I publish my entire code right here:
import os
import time
import requests # Import the requests module
from selenium import webdriver
from selenium.webdriver.chrome.choices import Choices
from selenium.webdriver.frequent.by import By
from PIL import Picture
import io
import pandas as pd
import sys
import msvcrt, time
books = []
def get_images_from_google(driver, delay, max_images):
def scroll_down(driver):
driver.execute_script("window.scrollTo(0, doc.physique.scrollHeight);")
time.sleep(delay)
image_urls = set()
skips = 0
whereas len(image_urls) + skips < max_images:
scroll_down(driver)
thumbnails = driver.find_elements(By.CSS_SELECTOR, '.rg_i, .Q4LuWd')

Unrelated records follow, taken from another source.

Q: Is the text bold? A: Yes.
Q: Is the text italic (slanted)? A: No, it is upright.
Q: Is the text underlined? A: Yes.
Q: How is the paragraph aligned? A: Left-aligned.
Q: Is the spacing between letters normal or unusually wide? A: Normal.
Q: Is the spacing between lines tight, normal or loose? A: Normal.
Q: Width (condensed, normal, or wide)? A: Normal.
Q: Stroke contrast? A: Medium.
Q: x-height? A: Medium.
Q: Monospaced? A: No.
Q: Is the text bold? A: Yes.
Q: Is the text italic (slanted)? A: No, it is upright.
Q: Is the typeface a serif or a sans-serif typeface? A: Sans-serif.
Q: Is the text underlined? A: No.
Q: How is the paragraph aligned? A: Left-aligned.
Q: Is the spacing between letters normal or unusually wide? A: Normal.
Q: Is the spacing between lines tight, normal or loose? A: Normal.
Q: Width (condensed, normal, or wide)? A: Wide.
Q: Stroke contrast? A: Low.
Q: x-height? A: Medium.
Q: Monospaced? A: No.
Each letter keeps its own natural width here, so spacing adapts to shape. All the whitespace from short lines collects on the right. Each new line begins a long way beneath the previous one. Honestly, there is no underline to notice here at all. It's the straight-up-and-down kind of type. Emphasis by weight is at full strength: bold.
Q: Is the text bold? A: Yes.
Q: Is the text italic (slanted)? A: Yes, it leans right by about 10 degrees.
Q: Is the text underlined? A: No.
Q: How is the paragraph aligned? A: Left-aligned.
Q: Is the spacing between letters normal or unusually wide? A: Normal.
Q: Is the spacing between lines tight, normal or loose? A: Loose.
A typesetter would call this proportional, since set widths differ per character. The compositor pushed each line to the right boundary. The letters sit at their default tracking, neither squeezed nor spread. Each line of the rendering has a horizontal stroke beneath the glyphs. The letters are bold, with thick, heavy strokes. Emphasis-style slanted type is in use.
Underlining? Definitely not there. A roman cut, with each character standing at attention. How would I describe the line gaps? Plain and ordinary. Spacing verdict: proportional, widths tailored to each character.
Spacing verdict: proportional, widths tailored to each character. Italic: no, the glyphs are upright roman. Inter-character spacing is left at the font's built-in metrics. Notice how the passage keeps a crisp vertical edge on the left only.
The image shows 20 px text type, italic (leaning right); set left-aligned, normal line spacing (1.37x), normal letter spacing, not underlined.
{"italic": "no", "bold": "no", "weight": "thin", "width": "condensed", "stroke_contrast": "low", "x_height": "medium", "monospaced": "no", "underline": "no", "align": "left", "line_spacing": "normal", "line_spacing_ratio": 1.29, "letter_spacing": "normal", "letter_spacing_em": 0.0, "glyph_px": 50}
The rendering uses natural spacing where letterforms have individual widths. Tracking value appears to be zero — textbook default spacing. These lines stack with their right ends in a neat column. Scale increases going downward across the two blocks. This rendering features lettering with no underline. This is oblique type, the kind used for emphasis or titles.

for img in thumbnails[len(image_urls) + skips:max_images]:
strive:
img.click on()
time.sleep(delay)
besides:
proceed
photographs = driver.find_elements(By.CSS_SELECTOR, '.sFlh5c, .pT0Scc, .iPVvYb')
for picture in photographs:
if picture.get_attribute('src') in image_urls:
max_images += 1
skips += 1
break
if picture.get_attribute('src') and 'http' in picture.get_attribute('src'):
image_urls.add(picture.get_attribute('src'))
print(f"Discovered {len(image_urls)}")
return image_urls
def download_image(download_path, url, file_name):
strive:
image_content = requests.get(url).content material
image_file = io.BytesIO(image_content)
picture = Picture.open(image_file)
print(url)
# Verify if the picture might be recognized and is in a suitable format
if picture.format not in ["JPEG", "PNG"]:
print(f"Skipping picture with unsupported format: {url}")
return
file_path = os.path.be a part of(download_path, file_name) # Use os.path.be a part of to make sure appropriate path
with open(file_path, "wb") as f:
picture.save(f, "JPEG")
print("Success")
besides Exception as e:
print('FAILED -', e)
# Ask the person for the search question
search_query = enter("Enter your Google Pictures search question: ")
# Create the 'imgs/' listing if it would not exist
download_path = "imgs"
os.makedirs(download_path, exist_ok=True)
# Create a Chrome driver
choices = Choices()
choices.add_argument("--start-maximized")
driver = webdriver.Chrome(choices=choices)
# Open the Google Pictures search web page with the offered search question
search_url = f"https://www.google.com/search?q={search_query}&tbm=isch"
driver.get(search_url)
# Carry out picture scraping and downloading
urls = get_images_from_google(driver, 0.01, 10000)
for i, url in enumerate(urls):
download_image(download_path, url, str(i) + ".JPEG")
books.append([url])
df = pd.DataFrame(books, columns=['URL'])
df.to_csv('books.csv')
# Shut the motive force occasion
driver.give up()
2-how to enhance it to get the precise URL hyperlink of every picture?